DIRECTIONS ->
Reproduce the lines of the listing exactly, beginning at the top, until the line with "y la siguiente" has been reproduced too.
══ SUPPLIED INFORMATION ══
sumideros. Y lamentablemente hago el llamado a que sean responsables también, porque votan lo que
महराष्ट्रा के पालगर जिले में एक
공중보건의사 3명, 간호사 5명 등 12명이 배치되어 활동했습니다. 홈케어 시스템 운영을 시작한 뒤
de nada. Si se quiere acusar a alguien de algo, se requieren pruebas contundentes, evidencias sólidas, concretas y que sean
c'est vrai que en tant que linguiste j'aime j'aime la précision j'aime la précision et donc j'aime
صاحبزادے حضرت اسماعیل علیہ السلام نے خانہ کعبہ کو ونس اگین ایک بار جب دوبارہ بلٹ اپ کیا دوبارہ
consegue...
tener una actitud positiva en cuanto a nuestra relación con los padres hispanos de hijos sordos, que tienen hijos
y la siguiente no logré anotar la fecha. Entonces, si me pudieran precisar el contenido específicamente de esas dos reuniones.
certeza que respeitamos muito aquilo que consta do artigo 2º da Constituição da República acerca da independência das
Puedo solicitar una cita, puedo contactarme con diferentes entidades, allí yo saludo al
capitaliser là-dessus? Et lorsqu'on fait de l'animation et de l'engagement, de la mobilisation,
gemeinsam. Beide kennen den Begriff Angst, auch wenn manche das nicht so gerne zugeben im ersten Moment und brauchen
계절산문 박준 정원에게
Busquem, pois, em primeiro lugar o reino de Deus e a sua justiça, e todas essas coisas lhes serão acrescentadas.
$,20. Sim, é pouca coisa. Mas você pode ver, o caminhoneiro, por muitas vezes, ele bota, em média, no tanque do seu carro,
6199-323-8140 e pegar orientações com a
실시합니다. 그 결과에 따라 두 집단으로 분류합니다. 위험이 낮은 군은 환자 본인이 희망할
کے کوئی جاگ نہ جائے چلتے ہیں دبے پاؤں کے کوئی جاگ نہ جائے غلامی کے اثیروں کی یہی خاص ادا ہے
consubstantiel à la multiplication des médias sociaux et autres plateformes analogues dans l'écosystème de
═══
SOLUTION TO THIS PROBLEM ->
sumideros. Y lamentablemente hago el llamado a que sean responsables también, porque votan lo que
महराष्ट्रा के पालगर जिले में एक
공중보건의사 3명, 간호사 5명 등 12명이 배치되어 활동했습니다. 홈케어 시스템 운영을 시작한 뒤
de nada. Si se quiere acusar a alguien de algo, se requieren pruebas contundentes, evidencias sólidas, concretas y que sean
c'est vrai que en tant que linguiste j'aime j'aime la précision j'aime la précision et donc j'aime
صاحبزادے حضرت اسماعیل علیہ السلام نے خانہ کعبہ کو ونس اگین ایک بار جب دوبارہ بلٹ اپ کیا دوبارہ
consegue...
tener una actitud positiva en cuanto a nuestra relación con los padres hispanos de hijos sordos, que tienen hijos
y la siguiente no logré anotar la fecha. Entonces, si me pudieran precisar el contenido específicamente de esas dos reuniones.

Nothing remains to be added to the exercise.